Um novo papel para um primo antigo do anestésico
A esketamina é intimamente relacionada à cetamina, um anestésico usado há muito tempo que, em baixas doses, pode elevar rapidamente o humor em pessoas com depressão de difícil tratamento. Ao contrário dos antidepressivos tradicionais em comprimidos, que muitas vezes demoram semanas para fazer efeito, a esketamina pode agir em horas e pode causar menos efeitos colaterais no sistema nervoso do que a cetamina. Os pesquisadores partiram de um ensaio clínico anterior que mostrou que uma única dose baixa de esketamina administrada durante a cirurgia de câncer de mama reduziu sintomas depressivos no curto prazo.
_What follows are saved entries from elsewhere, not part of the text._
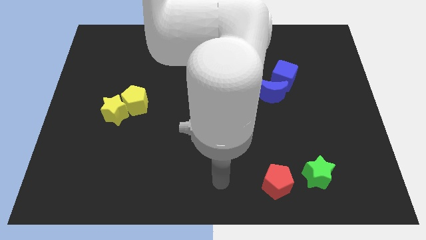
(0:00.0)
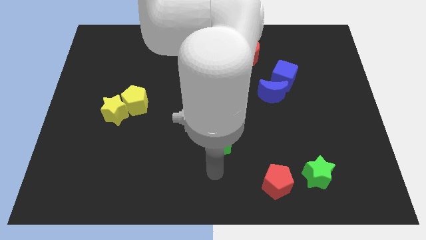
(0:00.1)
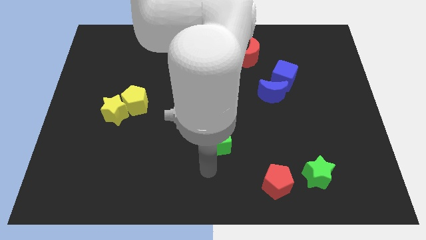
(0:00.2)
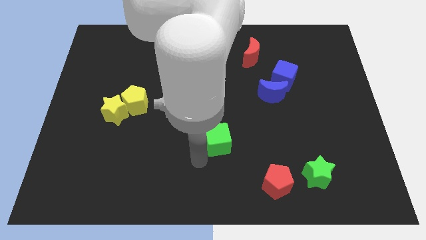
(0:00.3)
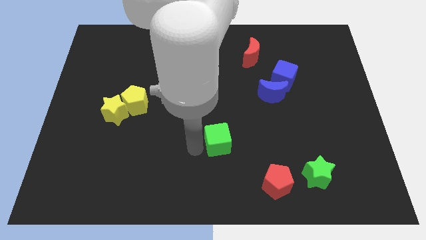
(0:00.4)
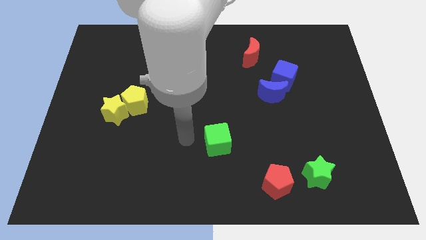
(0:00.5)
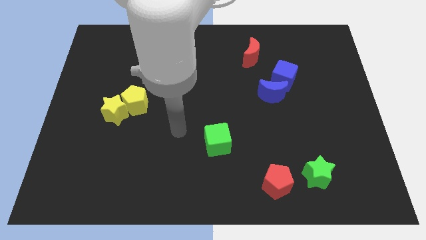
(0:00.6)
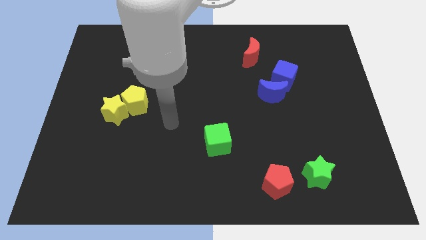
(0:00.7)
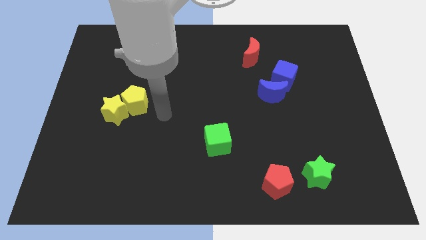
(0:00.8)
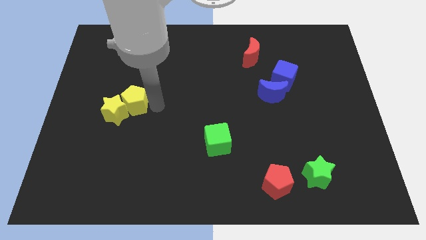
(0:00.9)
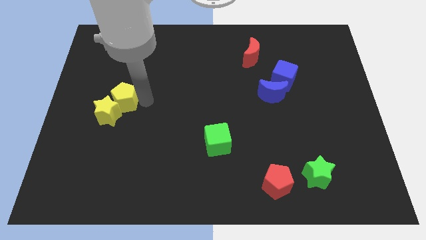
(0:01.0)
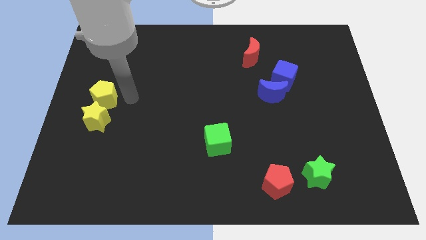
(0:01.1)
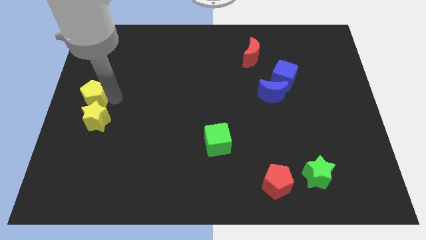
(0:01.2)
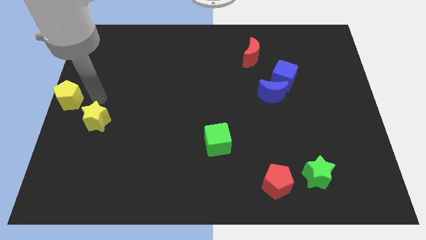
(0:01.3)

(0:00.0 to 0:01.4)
separate the yellow star from the yellow pentagon

Nesta análise de acompanhamento, eles queriam ver o que acontecia no cérebro e se exames cerebrais poderiam ajudar a prever quem se beneficiaria mais.
Espiando o cérebro em repouso
Para isso, a equipe recrutou mulheres com câncer de mama que apresentavam ao menos sintomas depressivos leves antes da cirurgia. Durante a anestesia, elas foram randomizadas para receber uma dose baixa de esketamina ou um placebo salino, sem que pacientes ou equipe soubessem qual era qual. Todas as participantes fizeram um tipo especial de exame cerebral, a fMRI em estado de repouso, no dia anterior à cirurgia e novamente no primeiro dia após o procedimento. Esses exames medem como diferentes regiões cerebrais “conversam” entre si enquanto a pessoa está deitada em silêncio. Usando ferramentas emprestadas da ciência das redes, os pesquisadores trataram cada região cerebral como um nó e as conexões entre elas como ligações, construindo um mapa da rede de comunicação do cérebro.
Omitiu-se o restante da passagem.